▶ **WHAT TO DO**
Go through the records and report each line holding the string "condensed".

+++ MATERIAL SUPPLIED +++

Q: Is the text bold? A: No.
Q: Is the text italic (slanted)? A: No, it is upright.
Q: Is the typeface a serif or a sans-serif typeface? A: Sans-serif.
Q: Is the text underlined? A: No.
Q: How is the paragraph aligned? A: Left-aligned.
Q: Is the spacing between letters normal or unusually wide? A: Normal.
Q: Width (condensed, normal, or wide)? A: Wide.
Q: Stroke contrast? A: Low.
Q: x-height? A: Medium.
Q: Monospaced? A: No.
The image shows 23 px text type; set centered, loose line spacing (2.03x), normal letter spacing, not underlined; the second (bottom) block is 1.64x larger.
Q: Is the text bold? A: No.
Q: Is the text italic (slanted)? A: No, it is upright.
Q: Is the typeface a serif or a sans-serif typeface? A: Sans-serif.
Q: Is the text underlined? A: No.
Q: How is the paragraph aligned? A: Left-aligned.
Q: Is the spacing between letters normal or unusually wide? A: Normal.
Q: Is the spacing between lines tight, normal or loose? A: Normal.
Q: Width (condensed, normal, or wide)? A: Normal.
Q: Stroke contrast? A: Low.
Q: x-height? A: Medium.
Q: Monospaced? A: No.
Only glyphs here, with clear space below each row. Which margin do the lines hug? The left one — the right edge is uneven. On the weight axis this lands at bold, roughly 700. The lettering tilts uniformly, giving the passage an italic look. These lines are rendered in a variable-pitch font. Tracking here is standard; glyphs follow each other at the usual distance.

+++
+++ MATERIAL SUPPLIED +++

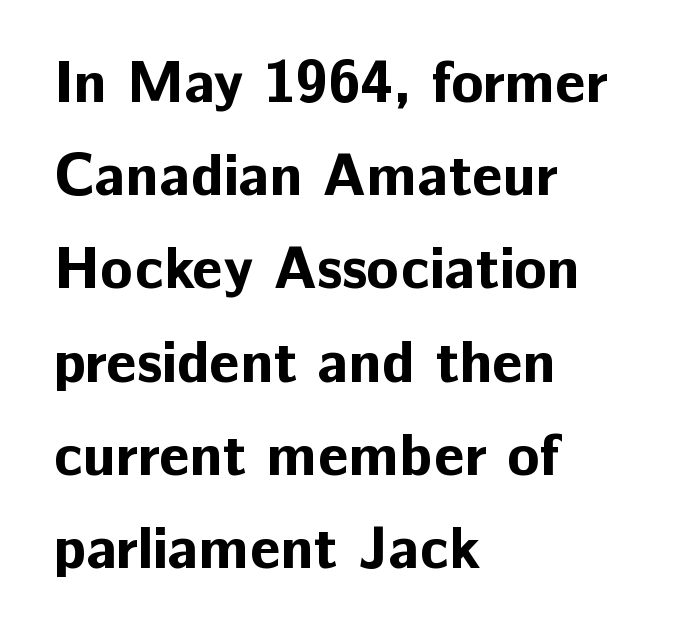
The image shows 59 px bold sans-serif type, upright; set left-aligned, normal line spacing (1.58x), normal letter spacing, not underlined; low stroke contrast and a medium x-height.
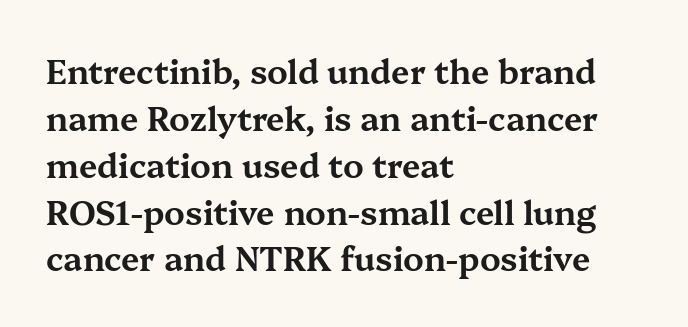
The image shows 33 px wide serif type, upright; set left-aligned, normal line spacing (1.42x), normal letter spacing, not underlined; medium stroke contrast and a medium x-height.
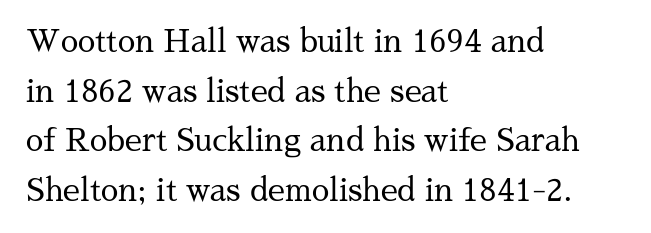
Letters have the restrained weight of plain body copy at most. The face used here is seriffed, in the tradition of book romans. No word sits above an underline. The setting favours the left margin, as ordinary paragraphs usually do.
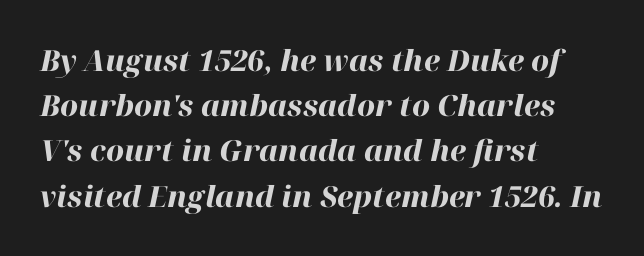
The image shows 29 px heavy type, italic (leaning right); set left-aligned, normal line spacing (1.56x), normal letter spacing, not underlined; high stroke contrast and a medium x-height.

+++
+++ MATERIAL SUPPLIED +++

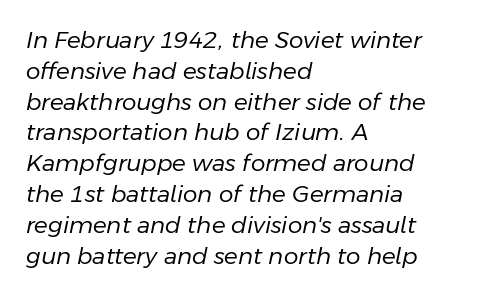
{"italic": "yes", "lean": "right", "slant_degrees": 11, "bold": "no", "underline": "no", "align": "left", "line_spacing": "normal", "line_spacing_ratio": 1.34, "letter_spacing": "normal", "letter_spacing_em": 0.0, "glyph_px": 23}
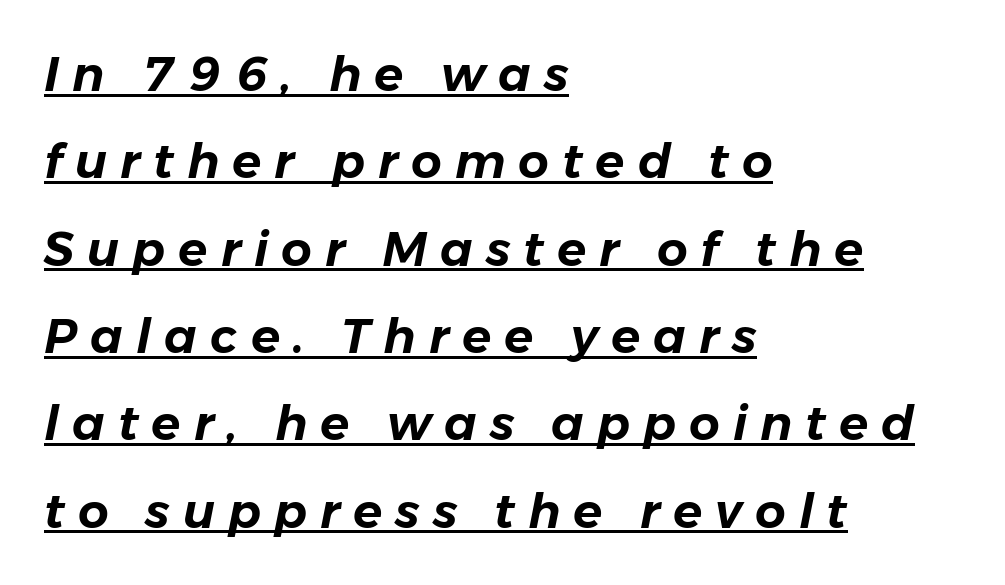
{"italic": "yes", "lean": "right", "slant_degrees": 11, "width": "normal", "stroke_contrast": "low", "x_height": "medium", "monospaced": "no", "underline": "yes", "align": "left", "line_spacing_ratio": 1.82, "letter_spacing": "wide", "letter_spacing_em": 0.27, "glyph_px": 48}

+++

▶ **WRITTEN REPLY**
Q: Width (condensed, normal, or wide)? A: Wide.
Q: Width (condensed, normal, or wide)? A: Normal.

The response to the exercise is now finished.